Every member of the May Mobility team works tirelessly to make transit more sustainable, safe, accessible and equitable through autonomous vehicles (AV). So we were both honored and elated to have our goMARTI deployment in Grand Rapids, MN covered in the new series Technology’s Golden Age from the Consumer Tech Association and presented by BBC Storyworks.

A May Mobility vehicle pulls away from a hospital in Grand Rapids, Minnesota.
A May Mobility vehicle pulls away from a hospital in Grand Rapids, Minnesota.

Bringing Autonomy to an Aging Population

goMARTI, which stands for Minnesota’s Autonomous Rural Transit Initiative, is the first rural AV deployment to feature wheelchair-accessible vehicles. On top of providing free rides to the general public, this operation offers disabled and senior residents a level of freedom and autonomy they might otherwise lack.
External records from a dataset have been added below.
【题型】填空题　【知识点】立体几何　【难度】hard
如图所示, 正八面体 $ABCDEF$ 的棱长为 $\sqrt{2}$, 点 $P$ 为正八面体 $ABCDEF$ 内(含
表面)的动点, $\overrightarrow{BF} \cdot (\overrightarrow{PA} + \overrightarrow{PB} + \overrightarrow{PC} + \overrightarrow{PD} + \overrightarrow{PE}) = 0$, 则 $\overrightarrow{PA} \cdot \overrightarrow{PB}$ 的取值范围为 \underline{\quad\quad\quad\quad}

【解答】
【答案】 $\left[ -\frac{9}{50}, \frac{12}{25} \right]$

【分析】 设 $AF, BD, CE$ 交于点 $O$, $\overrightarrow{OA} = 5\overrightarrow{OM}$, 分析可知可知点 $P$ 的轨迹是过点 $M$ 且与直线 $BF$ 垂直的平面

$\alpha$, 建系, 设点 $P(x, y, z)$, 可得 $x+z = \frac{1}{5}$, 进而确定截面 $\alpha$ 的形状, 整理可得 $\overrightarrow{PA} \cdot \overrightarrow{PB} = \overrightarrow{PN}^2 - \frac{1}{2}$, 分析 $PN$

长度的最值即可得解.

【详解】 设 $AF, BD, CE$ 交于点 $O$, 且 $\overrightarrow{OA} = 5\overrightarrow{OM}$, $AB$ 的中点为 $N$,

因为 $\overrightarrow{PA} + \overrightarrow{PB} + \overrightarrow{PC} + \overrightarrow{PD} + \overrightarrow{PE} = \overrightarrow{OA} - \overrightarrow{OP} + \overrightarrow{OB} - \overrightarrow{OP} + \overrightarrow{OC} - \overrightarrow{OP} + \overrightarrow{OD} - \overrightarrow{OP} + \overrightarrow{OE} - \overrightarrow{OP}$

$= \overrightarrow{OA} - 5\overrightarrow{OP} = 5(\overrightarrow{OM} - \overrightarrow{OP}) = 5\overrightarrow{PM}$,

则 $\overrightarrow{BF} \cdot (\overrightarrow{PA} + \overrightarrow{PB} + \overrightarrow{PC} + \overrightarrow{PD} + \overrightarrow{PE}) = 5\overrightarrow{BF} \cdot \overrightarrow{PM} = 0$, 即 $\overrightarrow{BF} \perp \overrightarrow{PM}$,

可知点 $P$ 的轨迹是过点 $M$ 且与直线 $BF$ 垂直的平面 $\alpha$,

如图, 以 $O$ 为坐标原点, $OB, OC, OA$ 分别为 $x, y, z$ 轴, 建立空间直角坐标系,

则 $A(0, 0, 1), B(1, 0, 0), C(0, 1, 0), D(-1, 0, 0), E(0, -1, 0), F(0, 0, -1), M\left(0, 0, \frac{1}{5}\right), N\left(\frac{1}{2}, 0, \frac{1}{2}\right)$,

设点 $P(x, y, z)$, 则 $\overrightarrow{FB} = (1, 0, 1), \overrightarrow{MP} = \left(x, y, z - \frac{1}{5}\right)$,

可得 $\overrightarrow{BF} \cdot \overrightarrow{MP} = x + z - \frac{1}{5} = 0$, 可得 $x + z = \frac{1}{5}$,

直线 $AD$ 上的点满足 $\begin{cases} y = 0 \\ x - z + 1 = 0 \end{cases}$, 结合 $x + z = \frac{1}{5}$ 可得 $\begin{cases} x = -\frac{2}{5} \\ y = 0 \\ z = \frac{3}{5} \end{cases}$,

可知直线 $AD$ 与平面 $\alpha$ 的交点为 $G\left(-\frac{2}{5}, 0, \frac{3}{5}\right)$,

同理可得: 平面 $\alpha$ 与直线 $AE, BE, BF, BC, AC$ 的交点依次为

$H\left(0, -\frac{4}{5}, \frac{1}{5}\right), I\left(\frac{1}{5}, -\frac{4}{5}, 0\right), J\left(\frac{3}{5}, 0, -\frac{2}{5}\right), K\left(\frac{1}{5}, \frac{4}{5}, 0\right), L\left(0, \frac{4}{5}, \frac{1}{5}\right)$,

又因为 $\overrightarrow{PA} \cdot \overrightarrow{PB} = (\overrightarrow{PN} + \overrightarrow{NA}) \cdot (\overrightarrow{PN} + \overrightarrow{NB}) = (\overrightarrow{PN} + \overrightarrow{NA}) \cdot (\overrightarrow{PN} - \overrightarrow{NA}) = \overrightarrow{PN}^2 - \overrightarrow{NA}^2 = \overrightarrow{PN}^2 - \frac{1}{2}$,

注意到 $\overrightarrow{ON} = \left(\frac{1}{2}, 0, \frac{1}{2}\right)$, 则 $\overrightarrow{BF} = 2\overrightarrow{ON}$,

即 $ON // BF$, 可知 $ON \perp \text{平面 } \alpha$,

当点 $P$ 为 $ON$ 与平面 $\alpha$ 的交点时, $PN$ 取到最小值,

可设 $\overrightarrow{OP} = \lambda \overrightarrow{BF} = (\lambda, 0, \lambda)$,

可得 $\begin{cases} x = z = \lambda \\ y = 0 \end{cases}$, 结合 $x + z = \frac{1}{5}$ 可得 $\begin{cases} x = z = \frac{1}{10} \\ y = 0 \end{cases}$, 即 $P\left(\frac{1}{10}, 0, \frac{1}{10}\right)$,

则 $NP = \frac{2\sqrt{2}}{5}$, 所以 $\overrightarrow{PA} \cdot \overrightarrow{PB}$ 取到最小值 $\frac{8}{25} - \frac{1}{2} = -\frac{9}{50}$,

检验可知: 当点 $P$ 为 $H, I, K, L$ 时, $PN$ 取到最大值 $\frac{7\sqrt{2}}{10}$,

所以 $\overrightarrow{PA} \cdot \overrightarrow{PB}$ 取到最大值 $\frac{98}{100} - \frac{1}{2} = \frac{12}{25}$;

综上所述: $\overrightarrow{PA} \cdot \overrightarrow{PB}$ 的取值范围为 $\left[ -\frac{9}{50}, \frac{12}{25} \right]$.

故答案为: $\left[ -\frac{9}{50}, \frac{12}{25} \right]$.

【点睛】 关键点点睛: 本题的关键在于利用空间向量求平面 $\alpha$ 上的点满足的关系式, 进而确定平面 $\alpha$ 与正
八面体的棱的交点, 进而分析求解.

A large portion of Grand Rapids population consists of seniors aged 65 and over, like many towns in rural America. Tom Pagel, city administrator for Grand Rapids, expressed his enthusiasm for goMARTI, saying:

“A big challenge with an aging population is transportation. And having that ability to have a vehicle at no cost bring you to a grocery store, bring you to a department store and then bring you home really is just going to be immensely valuable to them.”
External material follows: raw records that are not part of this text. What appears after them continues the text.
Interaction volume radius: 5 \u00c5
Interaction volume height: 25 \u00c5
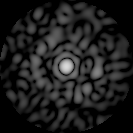
Disorder parameter: 0.8456
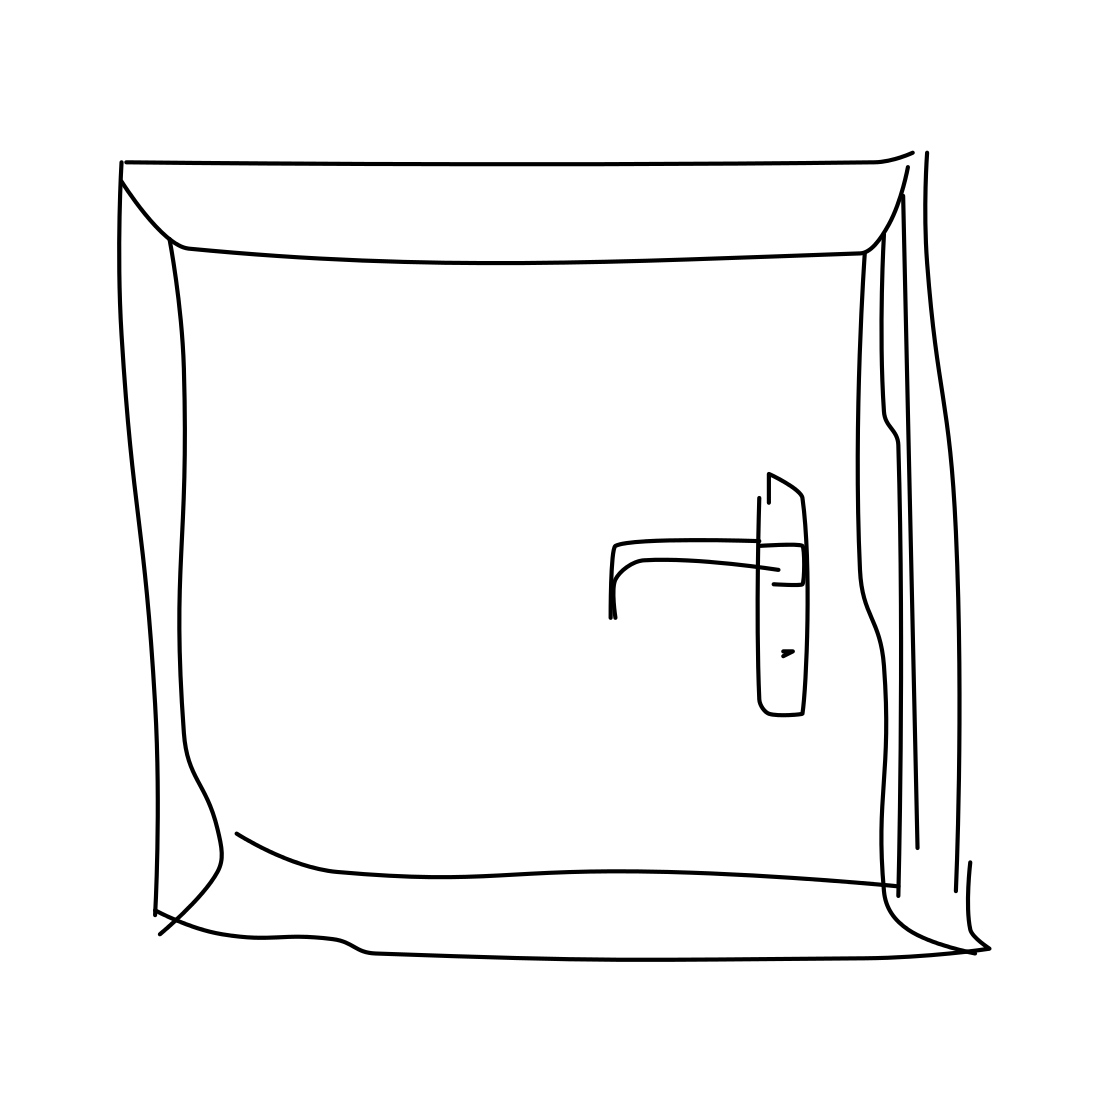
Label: door
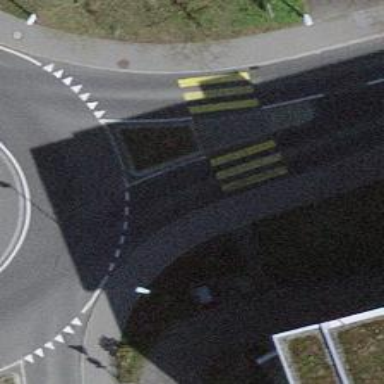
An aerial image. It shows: Uncontrolled zebra crossing with island. The crossing is marked with zebra stripes.
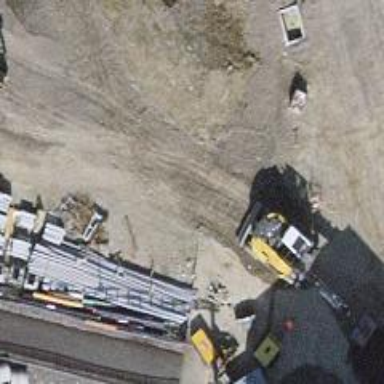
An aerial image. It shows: Abandoned railway with contact lines for electrification.
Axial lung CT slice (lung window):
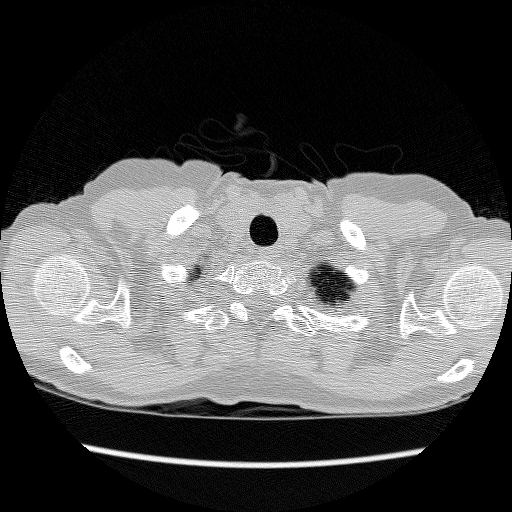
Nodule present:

Supporting Local Efforts to Improve Transit for Disabled Residents

In the course of launching this deployment, we were privileged to work alongside Myrna Peterson, an accomplished advocate for handicapped-accessible transportation and co-founder of the non-profit Mobility Mania. While her venture began as a fundraising event in 2015, it has since blossomed into a full-blown accessibility movement that aims to make Itasca County the most accessible county in Minnesota.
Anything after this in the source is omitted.